At what temperature pressure remaining constant will the \(\mathrm{rms}\) speed of a gas molecules increase by \(10 \%\) of the \(\mathrm{rms}\) speed at NTP? (A) \(57.3 \mathrm{~K}\) (B) \(57.3^{\circ} \mathrm{C}\) (C) \(557.3 \mathrm{~K}\) (D) \(-57.3^{\circ} \mathrm{C}\)

A sample of gas is at \(0^{\circ} \mathrm{C}\). To what temperature it must be raised in order to double the rms speed of molecule. (A) \(270^{\circ} \mathrm{C}\) (B) \(819^{\circ} \mathrm{C}\) (C) \(100^{\circ} \mathrm{C}\) (D) \(1090^{\circ} \mathrm{C}\)

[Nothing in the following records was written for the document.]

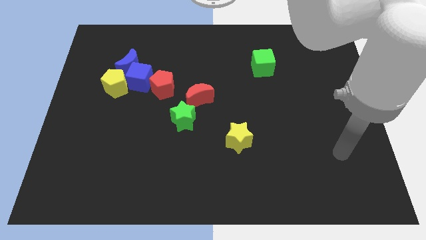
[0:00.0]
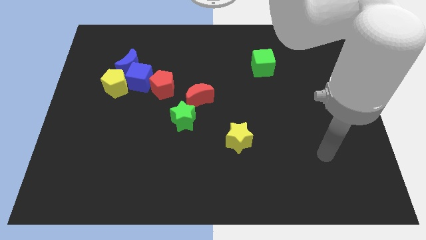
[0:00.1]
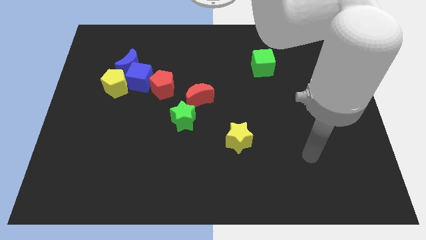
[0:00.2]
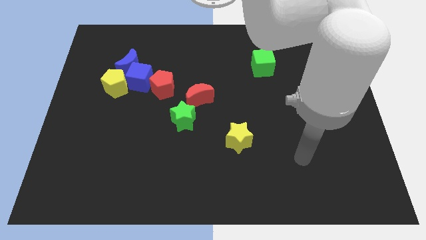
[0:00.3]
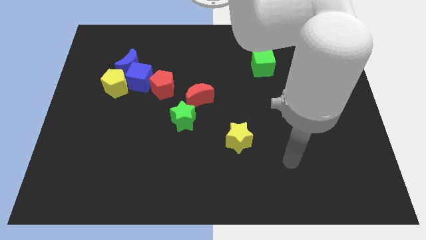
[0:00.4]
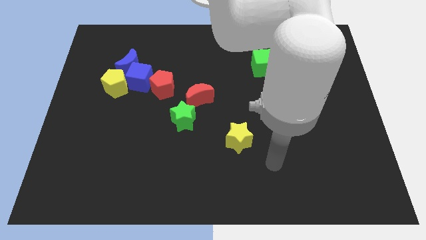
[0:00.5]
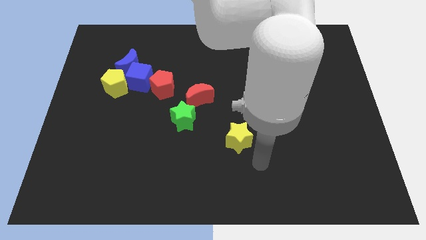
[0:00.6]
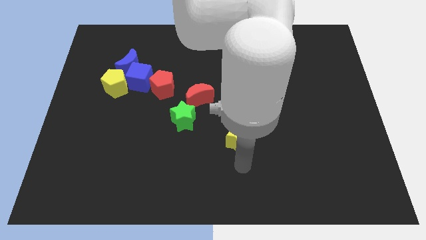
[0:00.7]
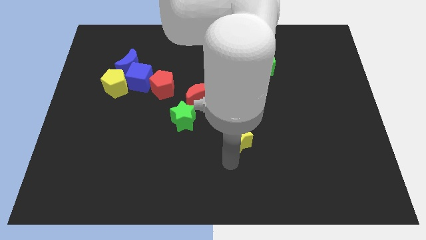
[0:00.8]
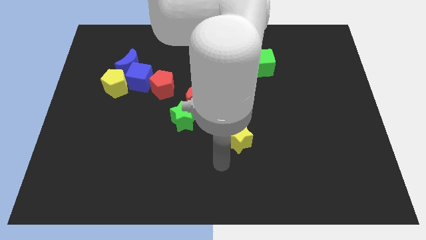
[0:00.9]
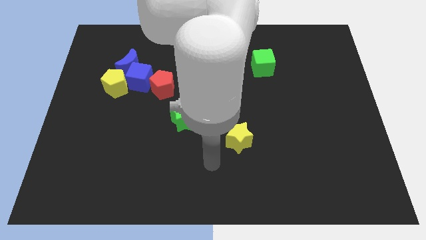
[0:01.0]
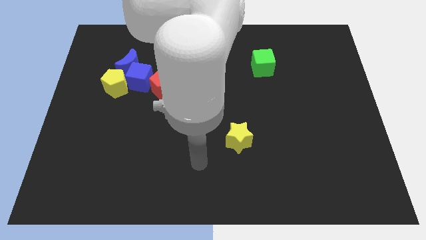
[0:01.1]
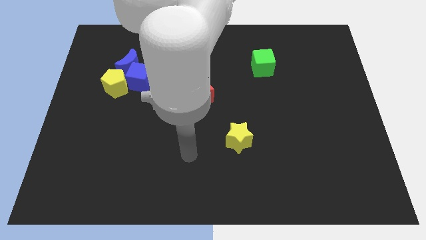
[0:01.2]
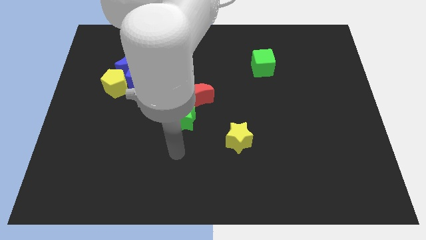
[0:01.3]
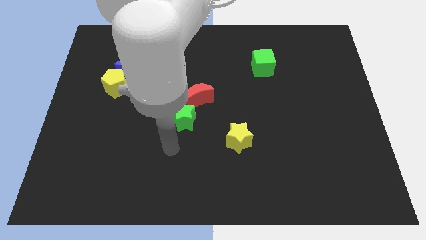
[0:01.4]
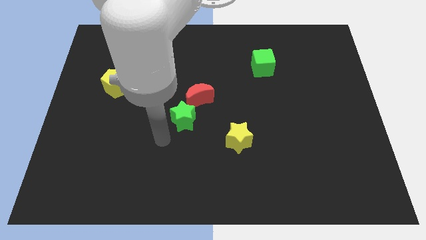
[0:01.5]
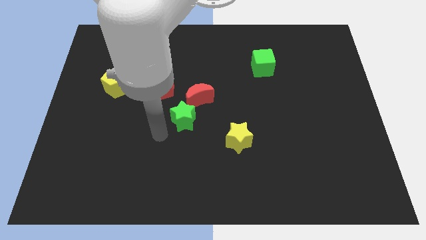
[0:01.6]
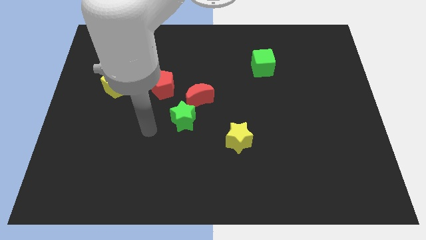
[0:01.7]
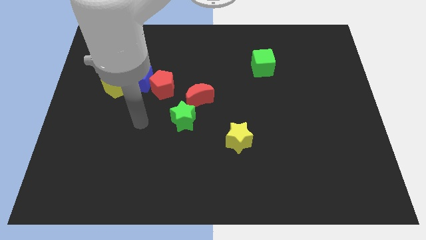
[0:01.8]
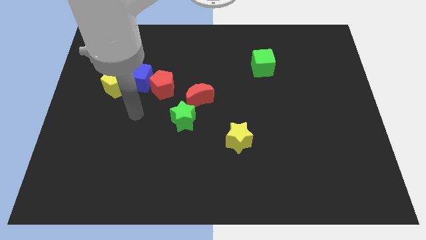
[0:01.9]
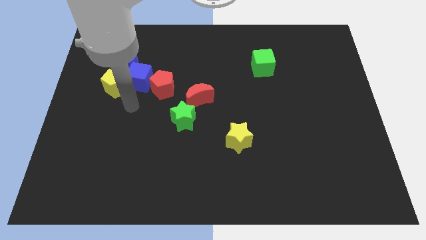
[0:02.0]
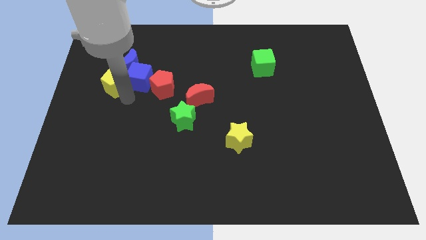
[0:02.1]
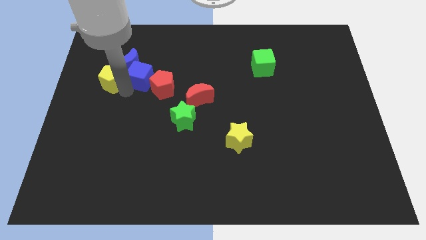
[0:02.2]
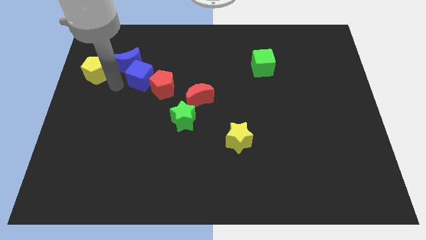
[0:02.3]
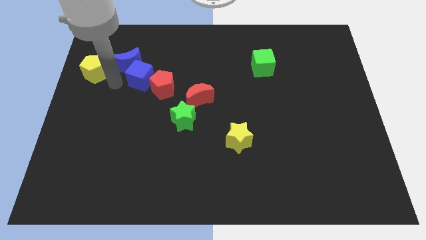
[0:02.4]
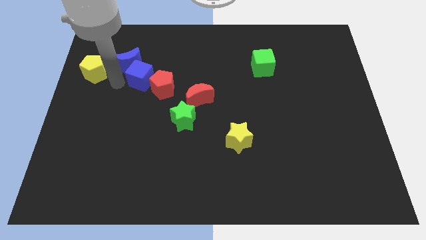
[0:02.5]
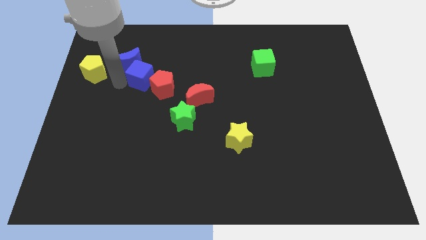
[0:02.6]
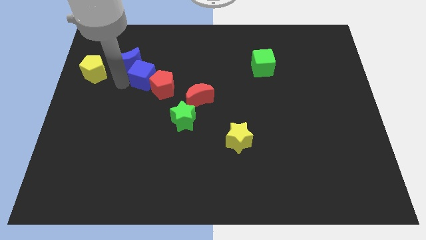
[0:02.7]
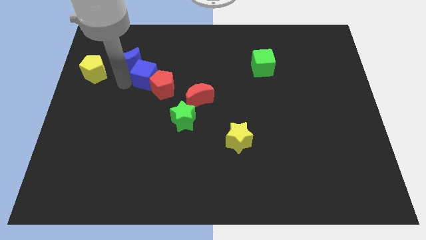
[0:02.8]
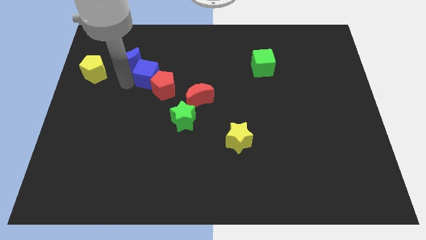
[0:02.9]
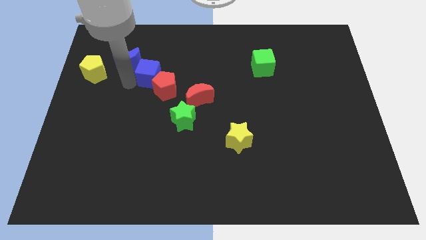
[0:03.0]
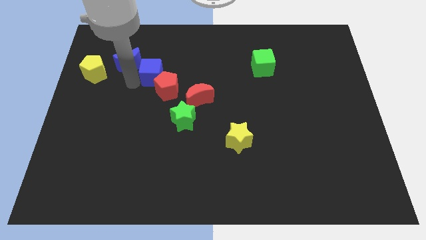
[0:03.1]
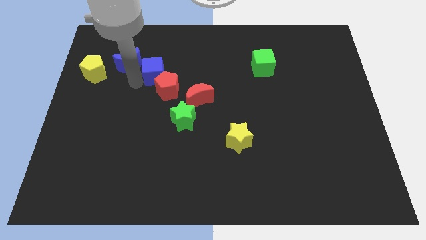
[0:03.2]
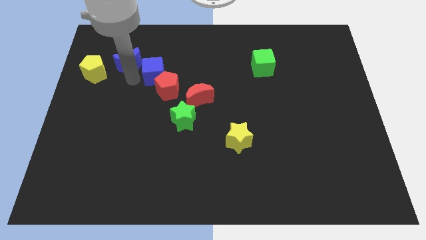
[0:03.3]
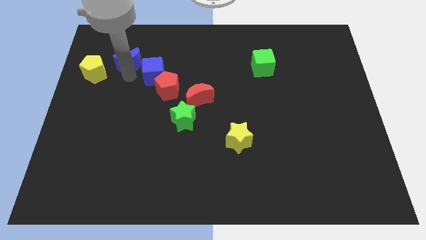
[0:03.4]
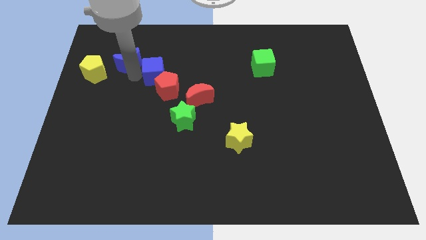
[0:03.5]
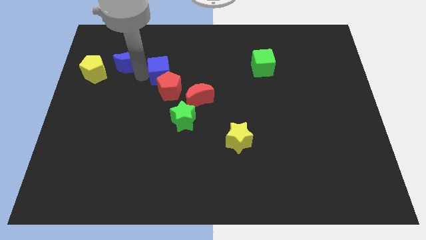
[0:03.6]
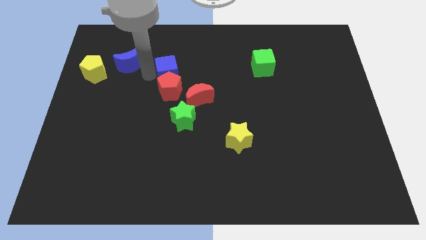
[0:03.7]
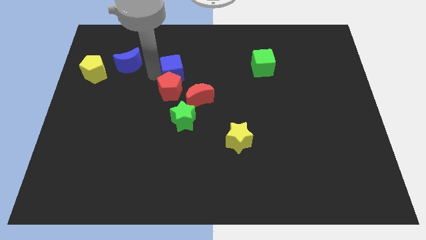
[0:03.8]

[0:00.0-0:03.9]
move the blue cube away from the blue moon, yellow pentagon, and red pentagon

The temperature of an ideal gas is increased from \(27^{\circ} \mathrm{C}\) to \(127^{\circ} \mathrm{C}\), then percentage increase in \(\mathrm{v}_{\mathrm{rms}}\) is (A) \(33 \%\) (B) \(11 \%\) (C) \(15.5 \%\) (D) \(37 \%\)

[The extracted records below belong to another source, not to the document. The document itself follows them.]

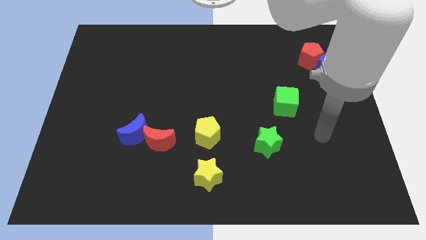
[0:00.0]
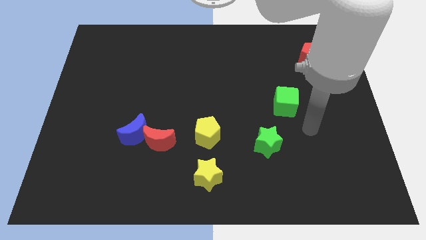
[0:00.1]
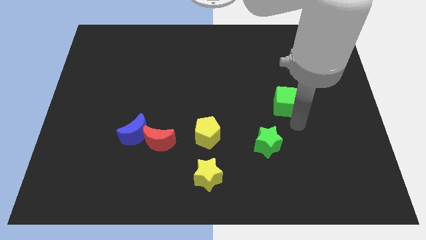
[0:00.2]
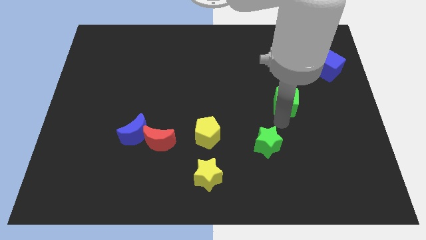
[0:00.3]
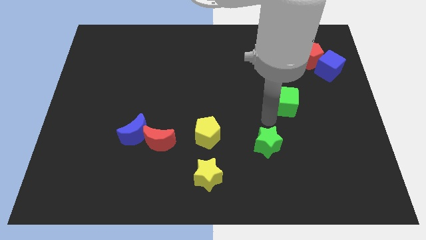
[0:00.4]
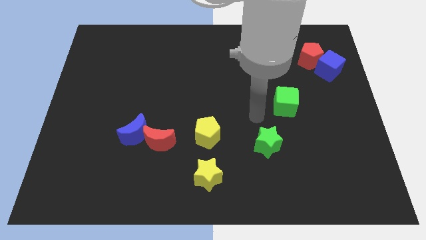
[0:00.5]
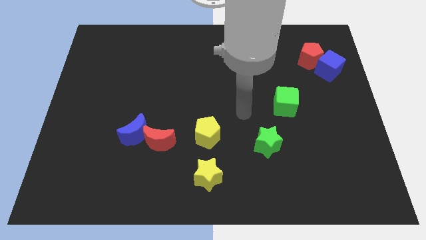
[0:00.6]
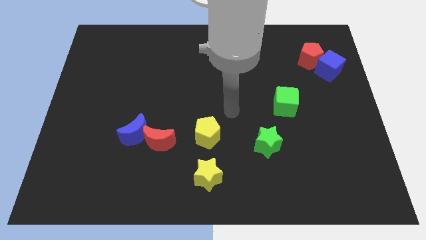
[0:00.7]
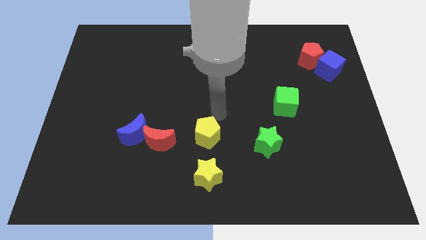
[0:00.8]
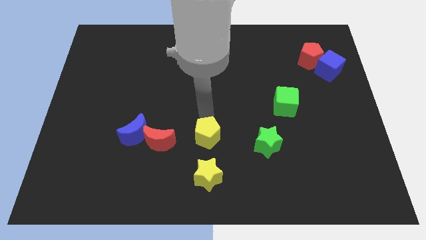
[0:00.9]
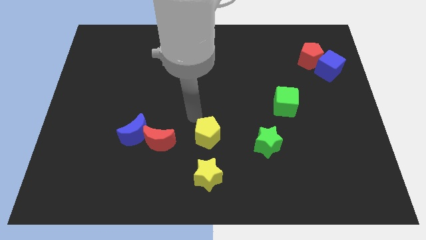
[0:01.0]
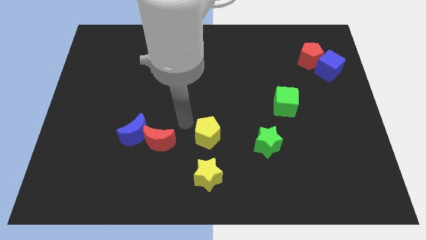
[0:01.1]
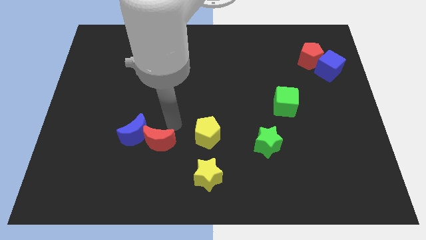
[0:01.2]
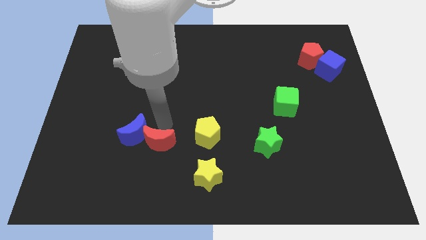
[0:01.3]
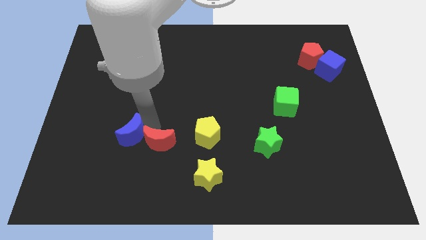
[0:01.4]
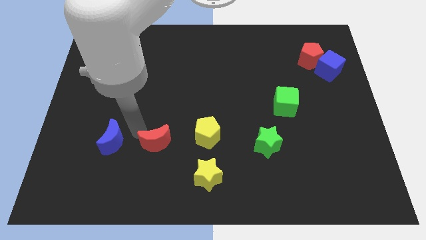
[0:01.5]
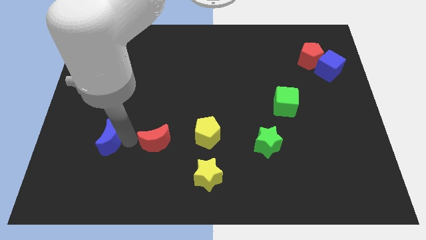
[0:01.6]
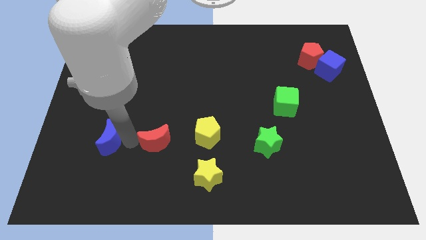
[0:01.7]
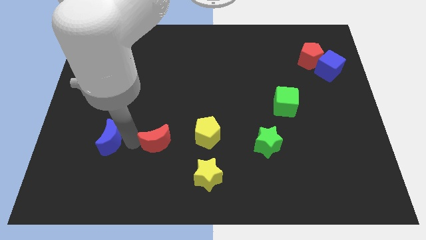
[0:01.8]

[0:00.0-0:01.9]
move the red moon away from the blue moon

A perfect gas at \(27^{\circ} \mathrm{C}\) is heated at constant pressure to \(327^{\circ} \mathrm{C}\). If original volume of gas at \(27^{\circ} \mathrm{C}\) is \(\mathrm{V}\) then volume at \(327^{\circ} \mathrm{C}\) is (A) \(2 \mathrm{~V}\) (B) \(\mathrm{V}\) (C) (V/2) (D) \(3 \mathrm{~V}\)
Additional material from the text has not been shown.